Recently on a client site I had to fight the pain of having no way to confirm loss of data integrity when optimizing data types. Due to MySQL’s ability to perform silent conversion of data, when converting a number of columns we enabled sql_mode to catch any truncations as errors.
sql_mode=STRICT_ALL_TABLES
This ensured that should any data truncations occur, an error is thrown not a warning. The following shows an example case study for converting an INT to TINYINT UNSIGNED and shows that without sql_mode silent conversions occur.

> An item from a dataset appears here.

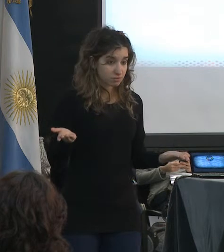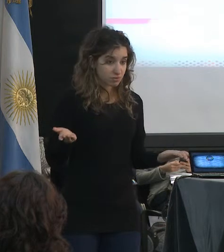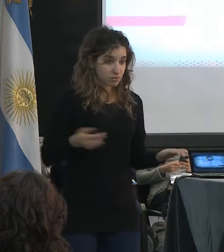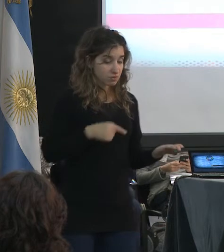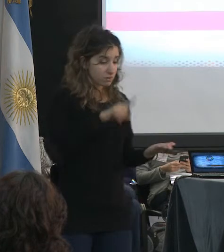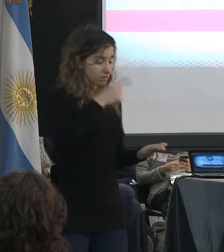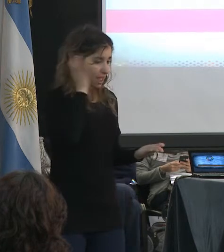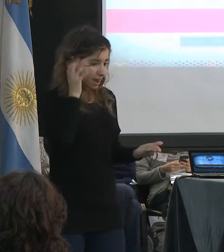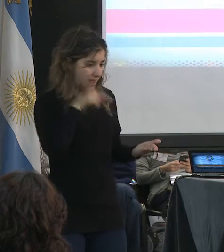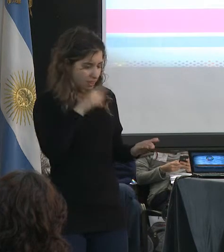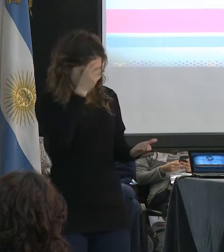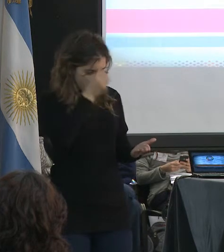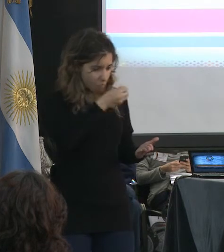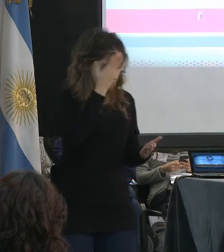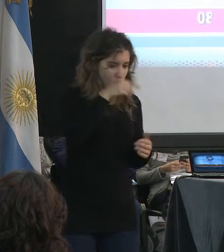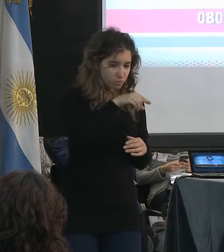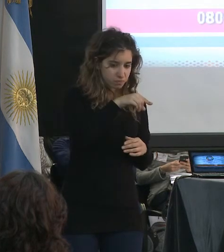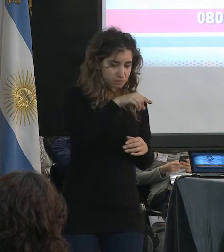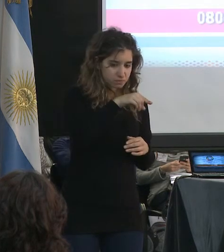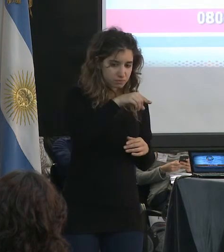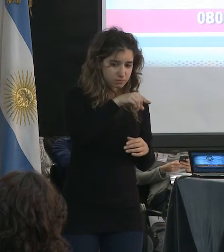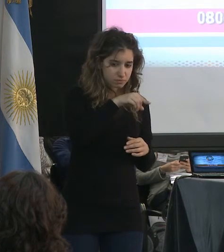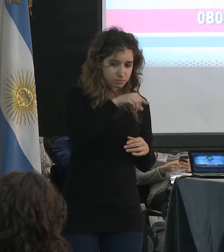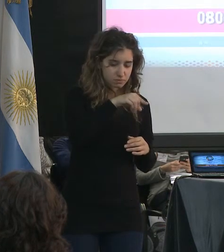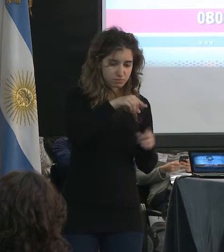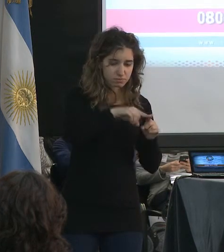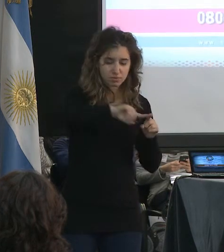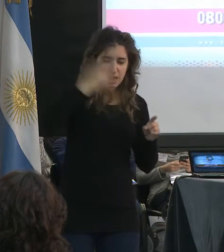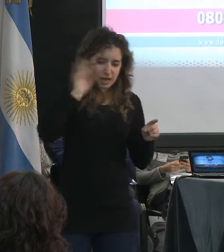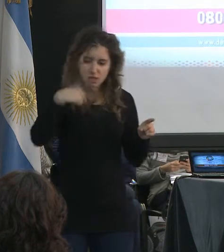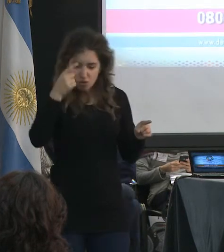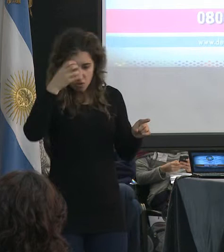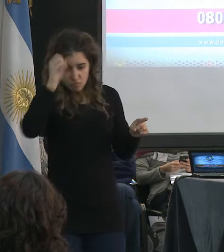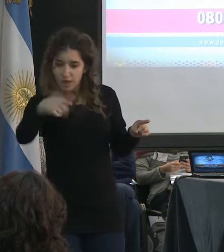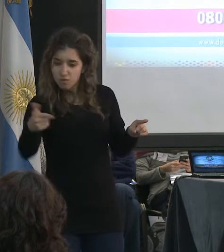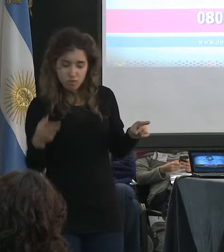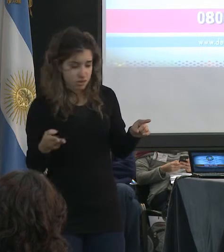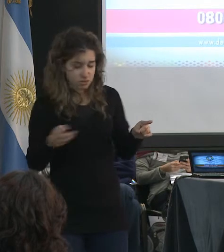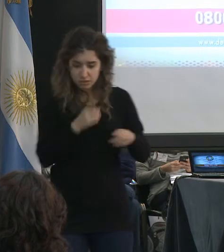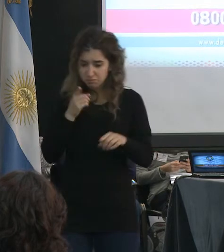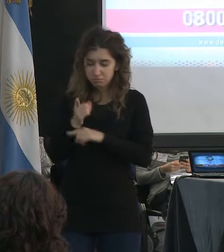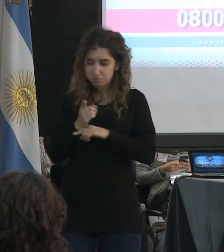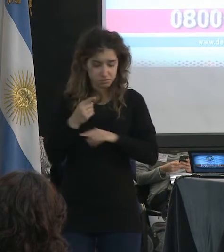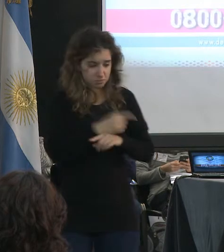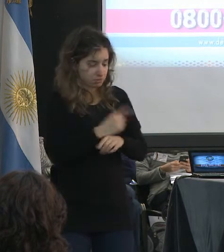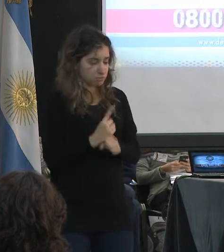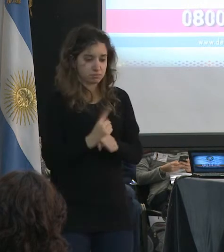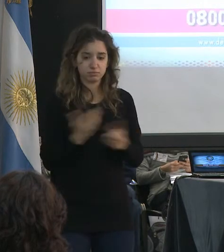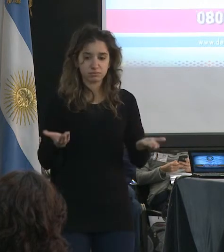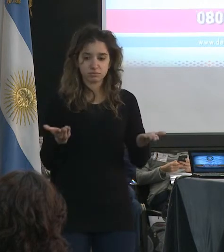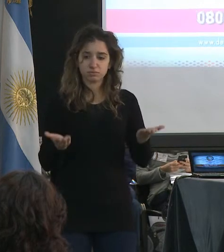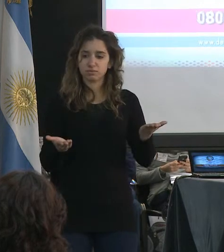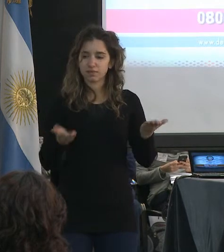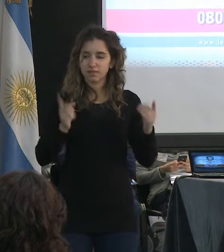legales en contra de trabajando en contra de una ilegalidad y para colmo de males hay una

mysql> drop schema if exists tmp; Query OK, 25 rows affected (0.40 sec) mysql> create schema tmp; Query OK, 1 row affected (0.01 sec) mysql> use tmp Database changed mysql> create table t1(i1 INT NULL); Query OK, 0 rows affected (0.15 sec) mysql> insert into t1 values(1),(2),(3),(256),(65536),(NULL); Query OK, 6 rows affected (0.06 sec) Records: 6 Duplicates: 0 Warnings: 0 mysql> select * from t1; +-------+ | i1 | +-------+ | 1 | | 2 | | 3 | | 256 | | 65536 | | NULL | +-------+ 6 rows in set (0.03 sec) mysql> set session sql_mode=STRICT_ALL_TABLES; Query OK, 0 rows affected (0.05 sec) mysql> alter table t1 modify i1 TINYINT UNSIGNED NULL; ERROR 1264 (22003): Out of range value for column 'i1' at row 4 mysql> set session sql_mode=''; Query OK, 0 rows affected (0.03 sec) mysql> alter table t1 modify i1 TINYINT UNSIGNED NULL; Query OK, 6 rows affected, 2 warnings (0.07 sec) Records: 6 Duplicates: 0 Warnings: 2 mysql> show warnings; +---------+------+---------------------------------------------+ | Level | Code | Message | +---------+------+---------------------------------------------+ | Warning | 1264 | Out of range value for column 'i1' at row 4 | | Warning | 1264 | Out of range value for column 'i1' at row 5 | +---------+------+---------------------------------------------+ 2 rows in set (0.00 sec) mysql> select * from t1; +------+ | i1 | +------+ | 1 | | 2 | | 3 | | 255 | | 255 | | NULL | +------+ 6 rows in set (0.00 sec)
The process however for the client included converting a number of DATETIME columns to DATE columns. The input data specification called for the input values to be dates only so storing and using DATETIME was simply a waste of space.
Unfortunately the use of sql_mode didn’t help here, so the combination of changing multiple columns in one time simply meant it was impossible to determine if any truncations occurred.
This combined with the sheer data volume, tables between 10GB – 500GB, with 10 – 100 million rows.
When you see 14+ millions rows modified, 35+million rows and of course SHOW WARNINGS by default only shows a very small number of actual warnings
It is of course impossible to run individual ALTER statements on columns. Of the top 10 tables, excluding the largest, alter times were between 3 and 15 hrs.
The only solution is to run pre SQL checks on the data to search for the boundary conditions manually. This is not the ideal solution for a customer.